My Mum helped me change bandages today, and damn it looks nasty. There are slight stitches on my collar bone, and some ugly ones on my neck. But my girlfriend lent me this great book called “The Subtle Art of Not Giving a F*ck” by Mark Manson. I am reading the section about happiness and I love this quote: “…”Happiness requires struggle. It grows from problems. Joy just doesn’t sprout out of the ground like daisies and rainbows. Real, serious lifelong fulfillment and meaning have to be earned….”

So the Vagus Nerve Stimulator is often described as a Pace Maker for the brain, but I still haven’t had it turn on. I joke with my girlfriend and family that I am becoming a cyborg. hehehe. I still feel kinda nauseous but I have changed out of my PJ’s and am wearing casual clothes so that’s a step in the right direction. I am also listening to Boyce Avenue (check them out on Spotify!) so they are nice and chill cover songs. Life has been a bit chaotic in my family life, but I am trying to just relax and take it as easy as possible. My brother is coming home today and my girlfriend is coming over tomorrow and I have some friends who are going to visit. So other than some nausea, I am a happy girl. From now on, this blog will be written by a cute cyborg! Woot!

Sita & JoJo

I’m a 27 Year Old Woman who Still Doesn’t know what the f*ck to Do

confused girl


Hey guys! I am back! A little tired, yet I have wanted to talk about this topic for awhile. Without knowing me, just based off of the title? Would people call me lazy? Yup. Am I?

I had my plan all figured out when I was ten, and picked up that month’s edition of TIME magazine. I am in the generation that over diagnosed its’ students with ADHD. Autism was still new and neurologists/behavioral psychologists were still investigating it. This edition of TIME magazine profiled an 8 year old boy, who, (my ten year old brain understood) that he perceived and interacted with the world in a different way than I did.  I was fascinated. From then on, I decided to become a social worker to work with individuals on the Autism spectrum.

I have been able to work with individuals on the spectrum (Asperger’s, before it was removed from the DSM IV). The students I worked with taught me so much, and I hope that I taught them a thing or two. This was my driving force to obtain my degree in social work.

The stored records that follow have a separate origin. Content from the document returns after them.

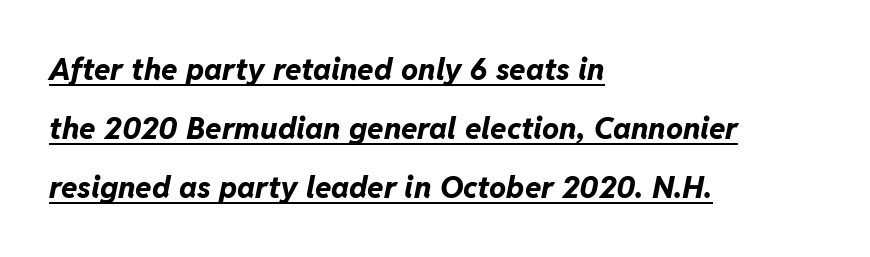
{"italic": "yes", "lean": "right", "slant_degrees": 11, "bold": "yes", "weight": "bold", "width": "normal", "stroke_contrast": "low", "x_height": "medium", "monospaced": "no", "underline": "yes", "align": "left", "line_spacing": "loose", "line_spacing_ratio": 1.97, "letter_spacing": "normal", "letter_spacing_em": 0.0, "glyph_px": 30}
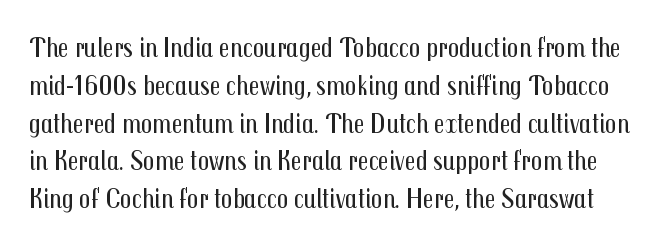
Q: Is the text bold? A: No.
Q: Is the text italic (slanted)? A: No, it is upright.
Q: Is the typeface a serif or a sans-serif typeface? A: Sans-serif.
Q: Is the text underlined? A: No.
Q: Is the spacing between letters normal or unusually wide? A: Normal.
Q: Is the spacing between lines tight, normal or loose? A: Normal.
Q: Width (condensed, normal, or wide)? A: Condensed.
Q: Stroke contrast? A: Medium.
Q: x-height? A: Medium.
Q: Monospaced? A: No.
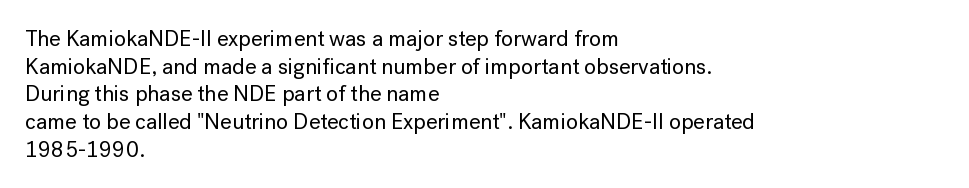
{"italic": "no", "underline": "no", "align": "left", "line_spacing": "normal", "line_spacing_ratio": 1.26, "letter_spacing": "normal", "letter_spacing_em": 0.0, "glyph_px": 22}
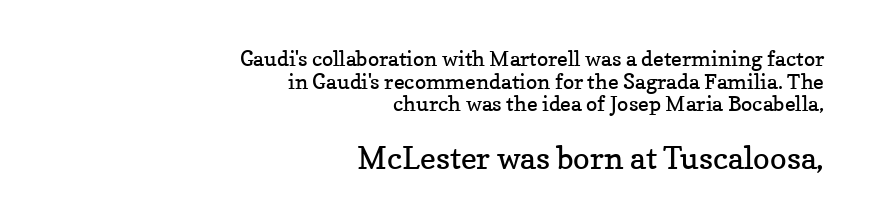
The image shows 31 px regular-weight serif type, upright; set right-aligned, tight line spacing (1.08x), normal letter spacing, not underlined; the second (bottom) block is 1.48x larger; low stroke contrast and a medium x-height.

But then my seizures came back, hard core. I graduated in 2014, but was still sure I would be able to work with Young Adults with Autism. My dream job was to work in a group home, but with all the requirements of a Class 5 driver’s license, that left me out of the running for many job opportunities.
I don’t know if I still have that social worker edge to me. I have considered becoming an Addictions Counselor, a Registered Massage Therapist becoming an aestheticism, public speaker, writer…..dare I say more??  Someone told me that she had a hard time figuring out her purpose…but when she did it all clicked into place….and that it would be the same for me, too.

I’m still lost….and nothing is clicking yet. Hopefully with the Vagus Nerve Stimulator coming up this week I will have more energy and zest for my passion (whatever that is!)

Happy Canada Day and Early July 4 for my friends in the States.

Lots of love,
Sita & JoJo

PS I have only had ONE cold brew since quitting coffee!